Baeza J Antonio
Department of Biological Sciences, Clemson University, 132 Long Hall, Clemson, SC, 29634, USA.
Smithsonian Marine Station at Fort Pierce, 701 Seaway Drive, Fort Pierce, Florida, 34949, USA.
BMC Genomics. 2020 Dec 9;21(1):882. doi: 10.1186/s12864-020-07292-5.
Whole mitogenomes or short fragments (i.e., 300-700 bp of the cox1 gene) are the markers of choice for revealing within- and among-species genealogies. Protocols for sequencing and assembling mitogenomes include 'primer walking' or 'long PCR' followed by Sanger sequencing or Illumina short-read low-coverage whole genome (LC-WGS) sequencing with or without prior enrichment of mitochondrial DNA. The aforementioned strategies assemble complete and accurate mitochondrial genomes but are time consuming and/or expensive. In this study, I first tested whether mitogenomes can be sequenced from long-read nanopore sequencing data exclusively. Second, I explored the accuracy of the long-read assembled genomes by comparing them to a 'gold' standard reference mitogenome retrieved from the same individual using Illumina sequencing. Third and lastly, I tested if the long-read assemblies are useful for mitophylogenomics and barcoding research. To accomplish these goals, I used the Caribbean spiny lobster Panulirus argus, an ecologically relevant species in shallow water coral reefs and target of the most lucrative fishery in the greater Caribbean region.

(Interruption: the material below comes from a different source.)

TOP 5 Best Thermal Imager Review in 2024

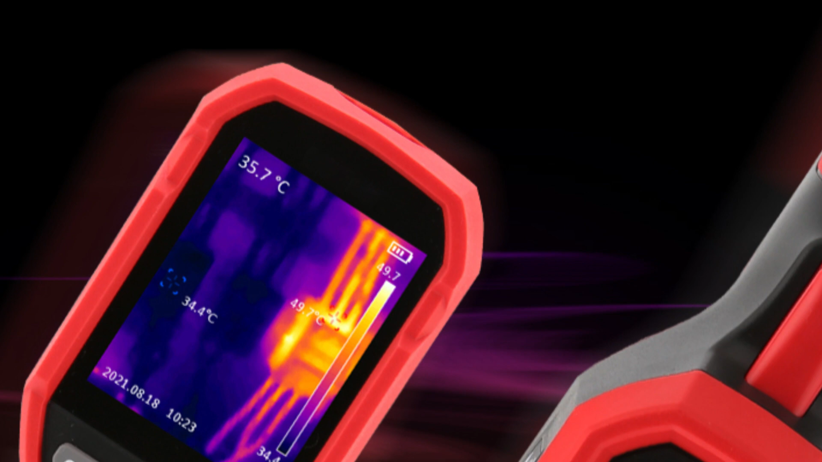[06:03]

LC-WGS using a MinION ONT device and various de-novo and reference-based assembly pipelines retrieved a complete and highly accurate mitogenome for the Caribbean spiny lobster Panulirus argus. Discordance between each of the long-read assemblies and the reference mitogenome was mostly due to indels at the flanks of homopolymer regions. Although not 'perfect', phylogenetic analyses using entire mitogenomes or a fragment of the cox1 gene demonstrated that mitogenomes assembled using long reads reliably identify the sequenced specimen as belonging to P. argus and distinguish it from other related species in the same genus, family, and superorder.

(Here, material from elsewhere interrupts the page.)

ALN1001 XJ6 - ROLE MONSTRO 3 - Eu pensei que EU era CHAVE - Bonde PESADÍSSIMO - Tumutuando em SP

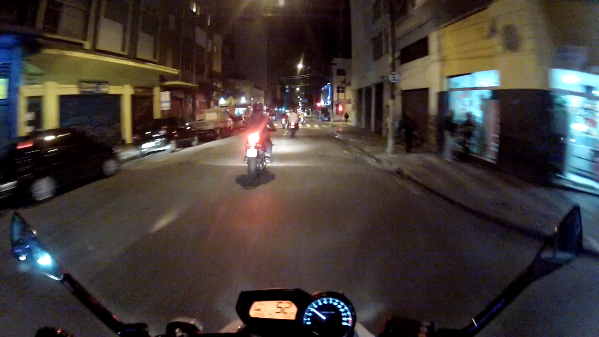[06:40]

This study serves as a proof-of-concept for the future implementation of in-situ surveillance protocols using the MinION to detect mislabeling in P. argus across its supply chain. Mislabeling detection will improve fishery management in this overexploited lobster. This study will additionally aid in decreasing costs for exploring meta-population connectivity in the Caribbean spiny lobster and will aid with the transfer of genomics technology to low-income countries.
完整的线粒体基因组或短片段(即细胞色素氧化酶亚基1基因的300 - 700bp)是揭示物种内和物种间谱系的首选标记。线粒体基因组测序和组装方案包括“引物步移法”或“长片段PCR”,随后进行桑格测序或Illumina短读长低覆盖度全基因组(LC - WGS)测序,测序前可对线粒体DNA进行富集或不富集。上述策略能够组装出完整且准确的线粒体基因组,但耗时且/或成本高昂。在本研究中,我首先测试了是否仅通过长读长纳米孔测序数据就能对线粒体基因组进行测序。其次,我通过将长读长组装的基因组与使用Illumina测序从同一个体获取的“黄金”标准参考线粒体基因组进行比较,探究了长读长组装基因组的准确性。第三也是最后一点,我测试了长读长组装是否对线粒体系统发育基因组学和条形码研究有用。为实现这些目标,我使用了加勒比刺龙虾(Panulirus argus),这是一种在浅水珊瑚礁中具有生态意义的物种,也是大加勒比地区最具商业价值渔业的捕捞对象。
使用MinION ONT设备进行LC - WGS,并采用各种从头组装和基于参考的组装流程,为加勒比刺龙虾(Panulirus argus)获得了一个完整且高度准确的线粒体基因组。每个长读长组装与参考线粒体基因组之间的不一致主要是由于同聚物区域侧翼的插入缺失。尽管并非“完美”,但使用完整线粒体基因组或细胞色素氧化酶亚基1基因片段进行的系统发育分析表明,使用长读长组装的线粒体基因组能够可靠地将测序样本鉴定为属于Panulirus argus,并将其与同一属、科和总目中的其他相关物种区分开来。
本研究为未来使用MinION实施原位监测方案以检测Panulirus argus整个供应链中的标签错误提供了概念验证。标签错误检测将改善这种过度捕捞龙虾的渔业管理。本研究还将有助于降低探索加勒比刺龙虾种群连通性的成本,并有助于将基因组技术转移到低收入国家。